If you use Atlas Snap relays, you can power the frogs so that short wheelbase engines won't stall at the frogs. The Snap relay can also be used to make your turnouts remote turnouts at the same time. That Atlas wiring book is a simple and easy to follow book on how to do this. Hope this helps.
SMT - If I recall correctly from a previous video, you had obtained some sheet plastic. Maybe you could use the sheet plastic to fabricate a bottom cover for the chassis; to protect the gears from dirt. Did you also find out who manufactured the engine? SMT, you also may want to consider running a jumper wire to that short section of rail between the 2 switch tracks to improve electrical pickup of your locomotives.
You're absolutely right, I certainly did buy some sheets of plastic a while back and maybe it would work. The main benefit would be keeping dust and stuff out for good this time. As for the make of the locomotive, I still have no idea nor is there any evidence of who made it. This is a pretty strange locomotive if I'm honest.

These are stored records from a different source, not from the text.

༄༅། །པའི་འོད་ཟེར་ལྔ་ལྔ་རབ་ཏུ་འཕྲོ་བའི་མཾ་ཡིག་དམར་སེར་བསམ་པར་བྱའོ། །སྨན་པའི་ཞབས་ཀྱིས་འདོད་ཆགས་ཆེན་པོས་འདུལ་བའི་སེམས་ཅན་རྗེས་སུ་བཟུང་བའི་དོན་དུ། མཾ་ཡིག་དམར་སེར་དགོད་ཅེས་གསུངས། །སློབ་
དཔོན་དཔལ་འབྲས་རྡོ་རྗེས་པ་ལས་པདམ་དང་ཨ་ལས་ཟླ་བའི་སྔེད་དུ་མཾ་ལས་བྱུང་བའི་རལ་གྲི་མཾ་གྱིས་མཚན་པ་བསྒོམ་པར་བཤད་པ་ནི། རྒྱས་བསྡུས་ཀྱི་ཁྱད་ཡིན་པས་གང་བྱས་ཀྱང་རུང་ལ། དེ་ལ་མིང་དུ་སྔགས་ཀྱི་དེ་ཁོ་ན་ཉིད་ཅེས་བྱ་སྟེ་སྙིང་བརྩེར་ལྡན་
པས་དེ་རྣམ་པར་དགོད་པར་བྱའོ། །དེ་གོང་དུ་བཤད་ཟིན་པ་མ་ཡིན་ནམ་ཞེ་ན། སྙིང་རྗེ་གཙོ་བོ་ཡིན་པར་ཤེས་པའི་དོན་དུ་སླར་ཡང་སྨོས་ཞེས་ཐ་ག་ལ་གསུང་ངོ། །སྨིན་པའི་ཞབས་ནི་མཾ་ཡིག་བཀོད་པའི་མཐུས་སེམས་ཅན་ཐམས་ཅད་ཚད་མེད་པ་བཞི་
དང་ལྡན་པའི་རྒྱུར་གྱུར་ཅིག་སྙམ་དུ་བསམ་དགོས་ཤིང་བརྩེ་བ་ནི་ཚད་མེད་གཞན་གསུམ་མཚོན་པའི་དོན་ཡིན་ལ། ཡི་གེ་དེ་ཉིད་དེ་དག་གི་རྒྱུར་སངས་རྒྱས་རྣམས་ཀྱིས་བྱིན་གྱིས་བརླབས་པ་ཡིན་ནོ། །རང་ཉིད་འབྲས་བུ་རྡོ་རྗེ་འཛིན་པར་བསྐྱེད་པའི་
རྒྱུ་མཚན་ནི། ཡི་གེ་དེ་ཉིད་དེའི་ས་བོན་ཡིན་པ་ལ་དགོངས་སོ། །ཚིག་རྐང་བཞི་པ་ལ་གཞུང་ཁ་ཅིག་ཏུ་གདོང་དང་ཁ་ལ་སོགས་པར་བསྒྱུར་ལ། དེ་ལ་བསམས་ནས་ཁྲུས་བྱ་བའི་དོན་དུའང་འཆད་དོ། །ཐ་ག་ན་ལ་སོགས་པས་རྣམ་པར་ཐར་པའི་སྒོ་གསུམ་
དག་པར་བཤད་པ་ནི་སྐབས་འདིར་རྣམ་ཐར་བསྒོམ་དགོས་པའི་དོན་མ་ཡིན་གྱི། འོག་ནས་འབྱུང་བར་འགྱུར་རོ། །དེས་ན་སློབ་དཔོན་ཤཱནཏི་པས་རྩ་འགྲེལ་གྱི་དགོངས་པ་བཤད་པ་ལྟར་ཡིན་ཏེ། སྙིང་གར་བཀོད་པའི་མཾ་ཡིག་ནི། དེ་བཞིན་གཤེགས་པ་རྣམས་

Just got that exact loco. Having issues. Do the contacts in the smokebox have to be aligned with the contacts at the front for it to work? Hmmmm. Help appreciated!
Ive got a tyco midnight special loco and i had it run once. When i put it on the rails now, the lights come on and thats it. When i turn the throttle switch it dims or brightens the lights. I am using the stock tyco switch which may be an issue, not sure.
IS THERE ANY WAY .YOU CAN TALK LOUDER OR TURN VOLUME CONTROL UP . IF YOU WORK ON TRAINS . IM SURE YOU CAN WORK ON AUDIO . IM HARD OF HEARING . I'M SURE THERE SOMEBODY THERE GOT THE SAME ISSUE . I LIKE WATCHING YOUR SHOW MAYBE I NEED A LOUD TRAIN WHISTLE BLOWING IN MY EAR SO I CAN HEAR . THANKS TURN IT UP .!
Unfortunately the only store I visited while there closed a few months ago. Of corse there is DCC Train LLC who actually has a channel and is part of the community. I haven't ever been but it's run by nice people.